To allow color development, incubate the plate at room temperature for approximately two minutes. Use a plate reader to measure absorbance at 882 nanometers and calculate the phosphate concentration of each sample by comparison to the potassium phosphate standard curve. Then convert the phosphate concentrations to nanomoles of polyP derived phosphate in each cell lysate and normalize cellular polyP content to total cellular protein, as described in the manuscript.

Wild-type E.coli, a gram-negative bacterium, grown in LB produced no polyP. But when grown in MOPS, produced about 192 nanomoles polyP per milligram of total protein. An E.coli delta ppk mutant, which lacks polyP kinase, produced no polyP in either medium.

A delta ppx mutant, which lacks exopolyphosphatase, produced approximately the same amount of polyP as the wild-type. And the delta phoB mutant, which is defective in phosphate transport, produced significantly less polyP than the wild-type. Wild-type L.reuteri, a gram-positive bacterium grown overnight in MEIC medium accumulated about 51 nanomoles polyP per milligram of total protein.

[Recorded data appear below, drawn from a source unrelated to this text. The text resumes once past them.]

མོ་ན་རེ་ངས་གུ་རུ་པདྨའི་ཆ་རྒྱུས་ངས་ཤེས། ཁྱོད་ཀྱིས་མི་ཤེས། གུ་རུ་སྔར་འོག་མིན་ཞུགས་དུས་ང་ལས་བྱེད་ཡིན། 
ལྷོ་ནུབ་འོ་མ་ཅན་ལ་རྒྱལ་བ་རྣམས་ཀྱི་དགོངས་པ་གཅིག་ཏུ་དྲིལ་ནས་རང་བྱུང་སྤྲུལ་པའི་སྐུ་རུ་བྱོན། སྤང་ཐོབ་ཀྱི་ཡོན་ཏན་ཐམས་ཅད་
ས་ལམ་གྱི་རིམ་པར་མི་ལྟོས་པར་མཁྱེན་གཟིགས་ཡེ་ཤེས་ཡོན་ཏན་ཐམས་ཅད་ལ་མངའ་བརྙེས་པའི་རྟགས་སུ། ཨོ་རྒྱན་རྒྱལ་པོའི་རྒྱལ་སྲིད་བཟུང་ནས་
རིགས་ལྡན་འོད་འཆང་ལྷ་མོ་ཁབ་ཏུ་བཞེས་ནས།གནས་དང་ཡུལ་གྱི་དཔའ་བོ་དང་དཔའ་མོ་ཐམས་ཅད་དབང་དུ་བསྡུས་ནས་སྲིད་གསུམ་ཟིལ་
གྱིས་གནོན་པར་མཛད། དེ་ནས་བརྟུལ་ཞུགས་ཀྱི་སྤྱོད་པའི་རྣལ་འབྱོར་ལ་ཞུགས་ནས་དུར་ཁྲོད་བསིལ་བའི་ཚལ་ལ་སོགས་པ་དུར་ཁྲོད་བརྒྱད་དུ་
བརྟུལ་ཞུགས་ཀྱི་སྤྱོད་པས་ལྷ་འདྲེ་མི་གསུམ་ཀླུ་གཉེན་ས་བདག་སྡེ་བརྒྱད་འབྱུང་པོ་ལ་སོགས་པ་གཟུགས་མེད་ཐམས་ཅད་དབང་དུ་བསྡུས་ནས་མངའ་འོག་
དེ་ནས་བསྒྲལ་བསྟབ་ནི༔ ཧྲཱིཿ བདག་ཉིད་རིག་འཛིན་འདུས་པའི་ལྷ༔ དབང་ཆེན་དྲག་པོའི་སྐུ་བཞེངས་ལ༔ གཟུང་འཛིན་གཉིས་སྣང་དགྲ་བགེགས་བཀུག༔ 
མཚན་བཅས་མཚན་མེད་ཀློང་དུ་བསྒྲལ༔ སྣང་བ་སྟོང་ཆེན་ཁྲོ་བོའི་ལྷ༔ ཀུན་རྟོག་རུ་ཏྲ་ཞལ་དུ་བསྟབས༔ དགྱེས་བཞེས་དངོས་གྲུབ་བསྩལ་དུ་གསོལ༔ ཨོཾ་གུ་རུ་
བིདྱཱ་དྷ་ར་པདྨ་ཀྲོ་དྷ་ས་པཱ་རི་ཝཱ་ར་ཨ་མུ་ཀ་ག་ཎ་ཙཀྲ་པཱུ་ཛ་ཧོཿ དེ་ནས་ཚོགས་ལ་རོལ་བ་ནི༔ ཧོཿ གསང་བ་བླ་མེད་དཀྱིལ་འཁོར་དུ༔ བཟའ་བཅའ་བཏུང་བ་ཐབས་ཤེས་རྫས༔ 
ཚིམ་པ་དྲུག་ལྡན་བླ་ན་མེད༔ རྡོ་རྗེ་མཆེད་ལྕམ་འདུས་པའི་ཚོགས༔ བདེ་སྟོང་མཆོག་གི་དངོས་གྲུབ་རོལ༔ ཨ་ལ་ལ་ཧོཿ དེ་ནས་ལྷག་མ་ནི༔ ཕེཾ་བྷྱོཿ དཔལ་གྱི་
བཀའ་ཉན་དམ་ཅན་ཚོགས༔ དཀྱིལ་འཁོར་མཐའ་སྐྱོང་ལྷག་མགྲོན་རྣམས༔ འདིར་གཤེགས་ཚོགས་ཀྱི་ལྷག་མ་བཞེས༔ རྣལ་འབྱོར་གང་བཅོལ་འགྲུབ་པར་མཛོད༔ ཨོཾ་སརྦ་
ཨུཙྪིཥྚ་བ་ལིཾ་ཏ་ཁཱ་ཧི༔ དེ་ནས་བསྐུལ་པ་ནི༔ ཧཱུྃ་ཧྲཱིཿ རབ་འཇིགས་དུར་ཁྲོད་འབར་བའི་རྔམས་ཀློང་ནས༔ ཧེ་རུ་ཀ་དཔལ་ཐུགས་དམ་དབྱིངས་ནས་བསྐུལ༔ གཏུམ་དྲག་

An L.reuteri ppk1 null mutant lacking polyP kinase contained less than half this amount. This presence of polyP in the ppk1 null mutant is probably due to L.reuteri containing a second polyP kinase. Mycobacterium smegmatis strain SMR five, grown in Hartmans-de Bont medium in the absence of ethanol accumulated about 141 nanomoles polyP per milligram of total protein.

While ethanol treatment resulted in a threefold increase. Following this procedure, acrylamide gel electrophoresis can be performed to assess differences in polyP chain length. While attempting this procedure, avoid common mistakes.

Remember to avoid getting bubbles in microtiter plate wells, and be careful to transfer your samples to the appropriate tube when switching from the column to the microfuge tube. Don't forget that working with GITC and strong acids can be hazardous, and proper protective equipment should always be worn while performing this procedure.